DATA below:

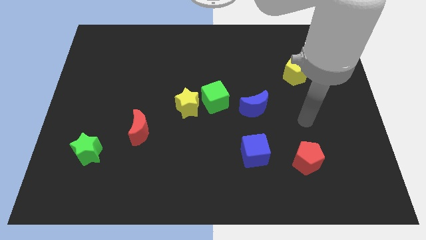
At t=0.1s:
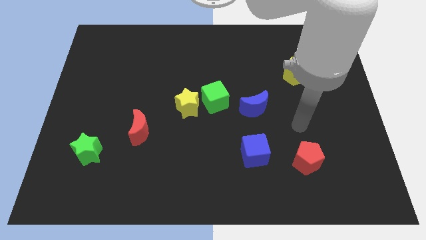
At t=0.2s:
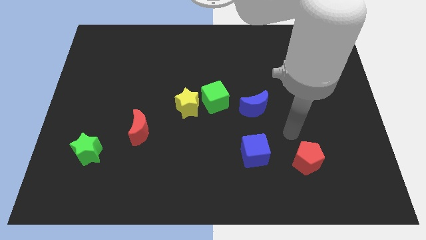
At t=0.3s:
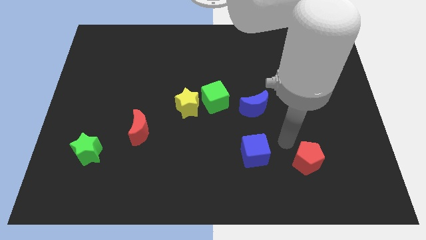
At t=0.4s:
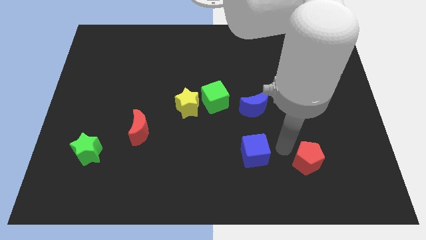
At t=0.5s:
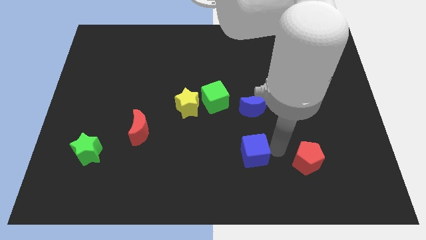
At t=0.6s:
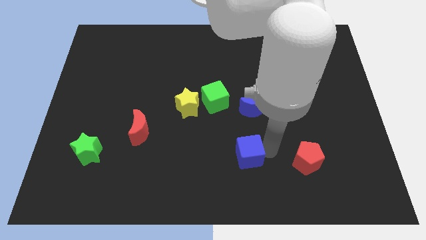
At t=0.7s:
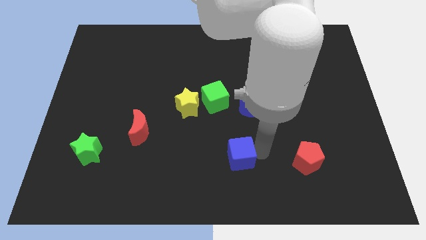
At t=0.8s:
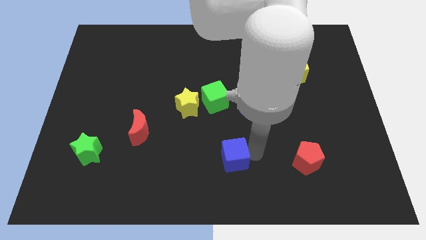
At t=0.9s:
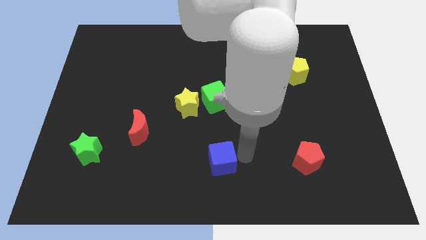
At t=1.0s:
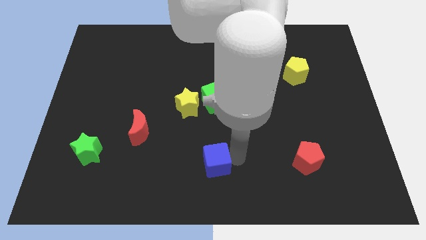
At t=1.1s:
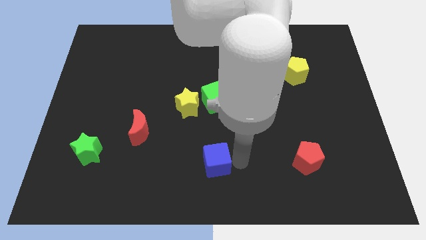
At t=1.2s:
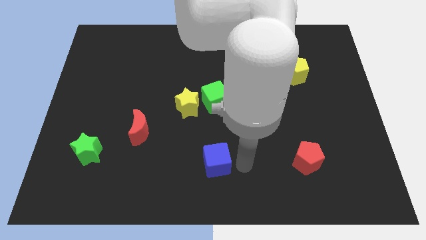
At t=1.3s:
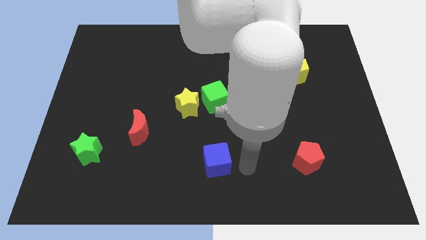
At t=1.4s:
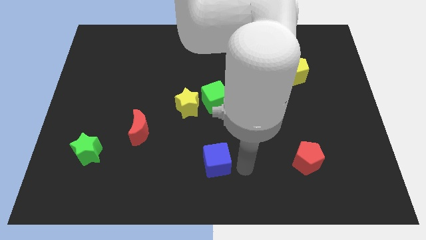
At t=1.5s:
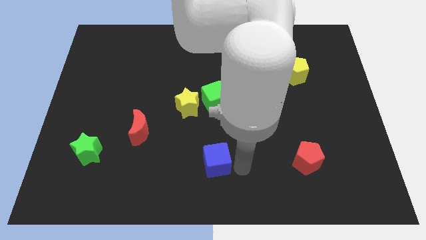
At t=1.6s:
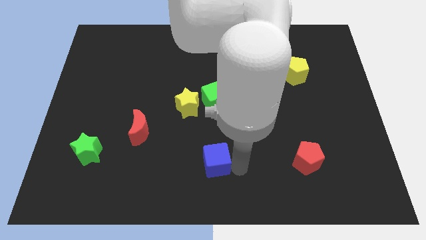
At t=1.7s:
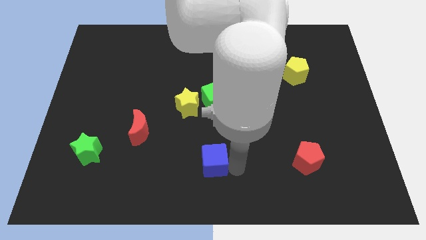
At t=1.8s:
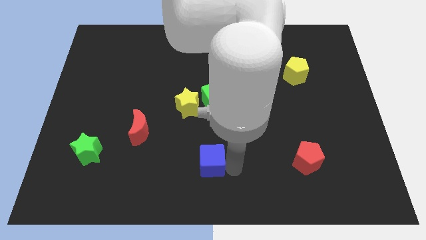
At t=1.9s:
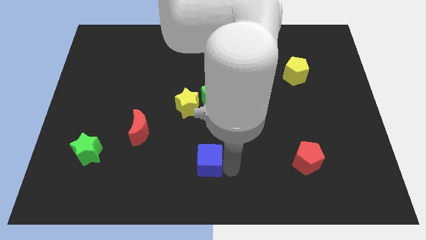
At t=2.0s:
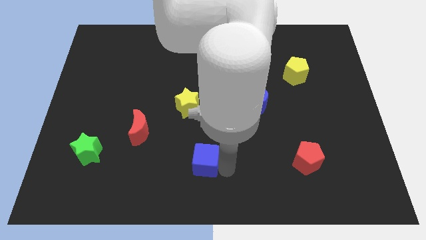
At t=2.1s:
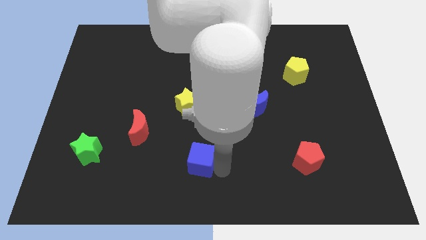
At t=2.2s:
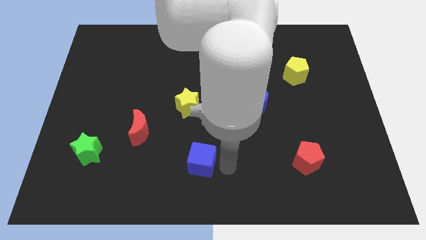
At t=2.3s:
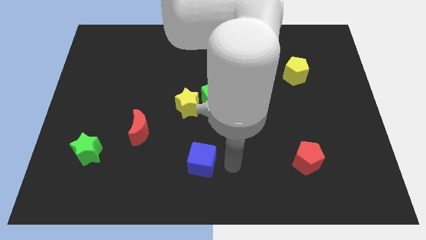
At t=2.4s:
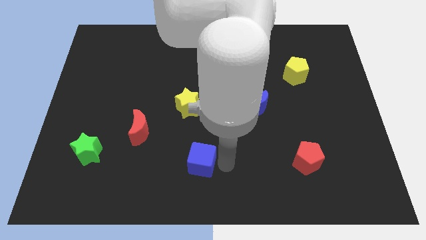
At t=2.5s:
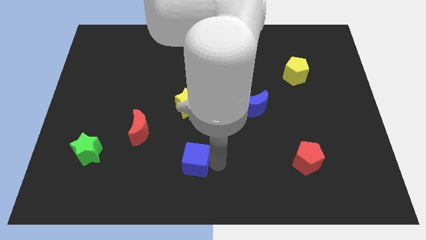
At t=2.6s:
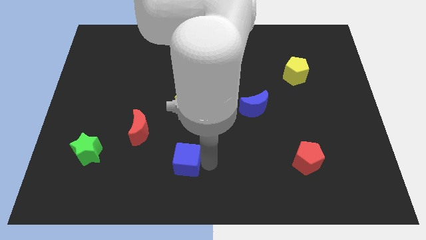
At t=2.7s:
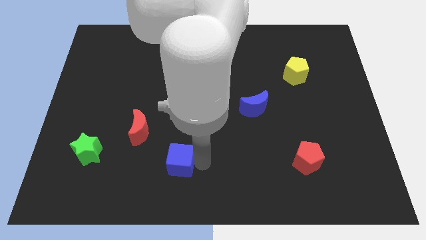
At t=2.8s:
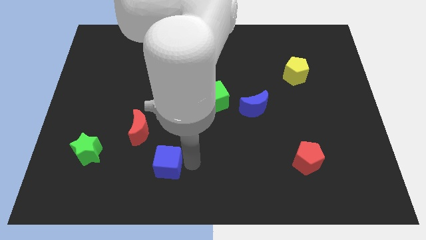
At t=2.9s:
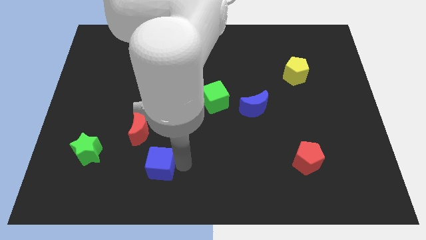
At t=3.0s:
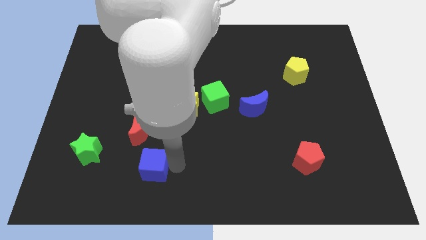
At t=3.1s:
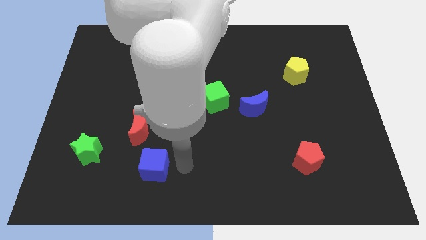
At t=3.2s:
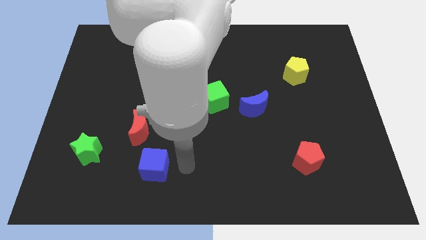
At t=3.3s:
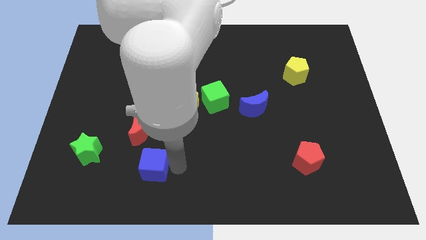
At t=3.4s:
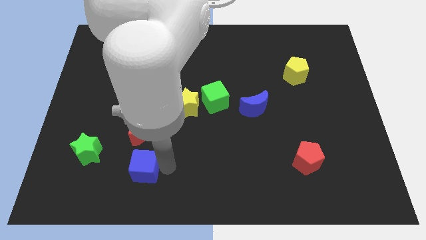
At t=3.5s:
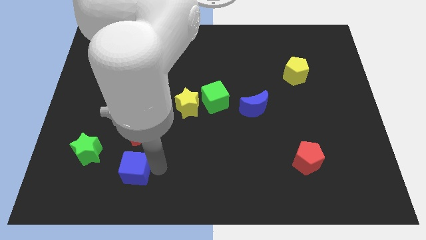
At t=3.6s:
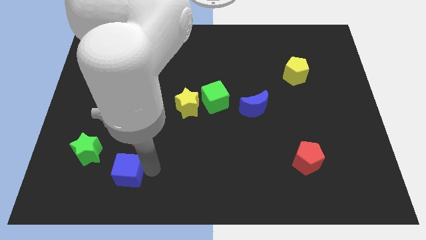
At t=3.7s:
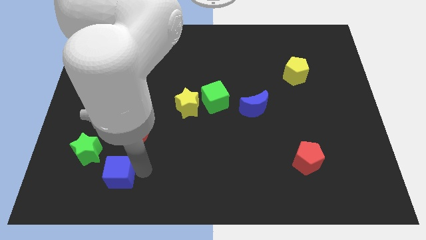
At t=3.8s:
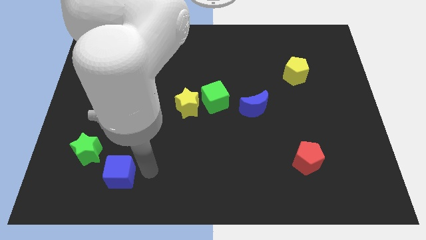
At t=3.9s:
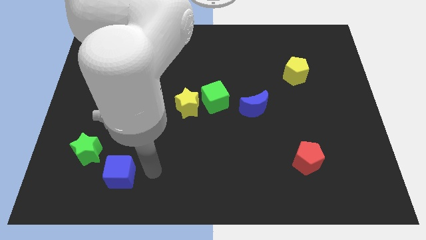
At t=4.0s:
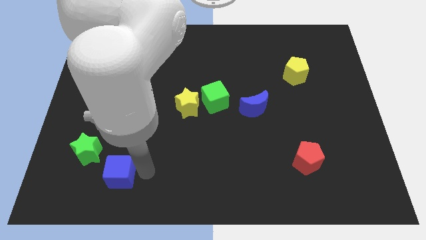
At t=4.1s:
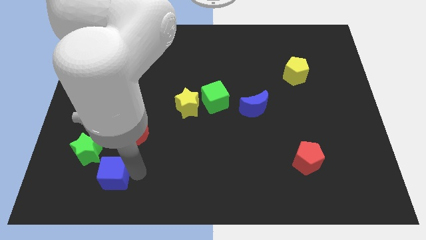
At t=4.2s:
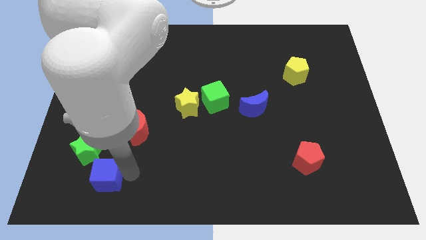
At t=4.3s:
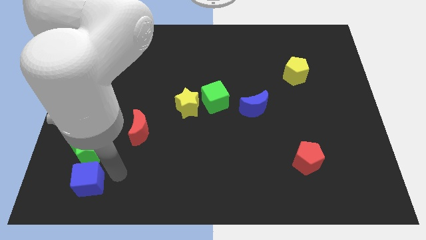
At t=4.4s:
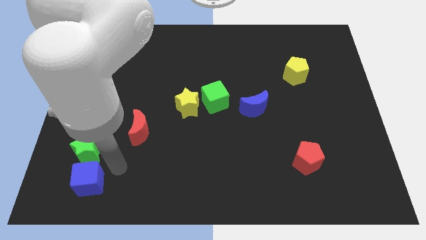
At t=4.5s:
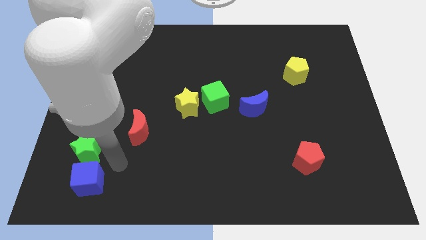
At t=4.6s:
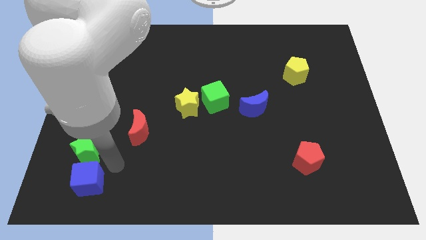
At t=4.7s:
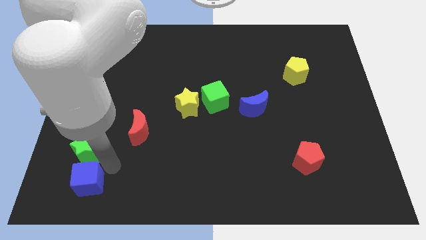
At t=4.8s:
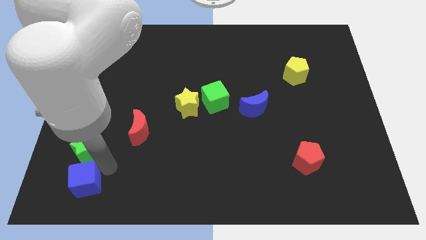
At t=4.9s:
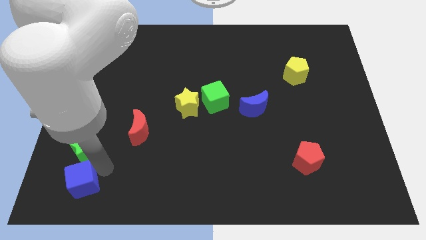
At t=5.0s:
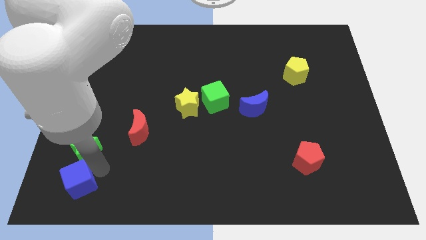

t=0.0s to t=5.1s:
slide the blue cube to the bottom left

End of DATA.

ACTIVITY: Exactly as they stand, the entries must be written out again, pictures excluded.

ANSWER:
At t=0.1s:
At t=0.2s:
At t=0.3s:
At t=0.4s:
At t=0.5s:
At t=0.6s:
At t=0.7s:
At t=0.8s:
At t=0.9s:
At t=1.0s:
At t=1.1s:
At t=1.2s:
At t=1.3s:
At t=1.4s:
At t=1.5s:
At t=1.6s:
At t=1.7s:
At t=1.8s:
At t=1.9s:
At t=2.0s:
At t=2.1s:
At t=2.2s:
At t=2.3s:
At t=2.4s:
At t=2.5s:
At t=2.6s:
At t=2.7s:
At t=2.8s:
At t=2.9s:
At t=3.0s:
At t=3.1s:
At t=3.2s:
At t=3.3s:
At t=3.4s:
At t=3.5s:
At t=3.6s:
At t=3.7s:
At t=3.8s:
At t=3.9s:
At t=4.0s:
At t=4.1s:
At t=4.2s:
At t=4.3s:
At t=4.4s:
At t=4.5s:
At t=4.6s:
At t=4.7s:
At t=4.8s:
At t=4.9s:
At t=5.0s:

t=0.0s to t=5.1s:
slide the blue cube to the bottom left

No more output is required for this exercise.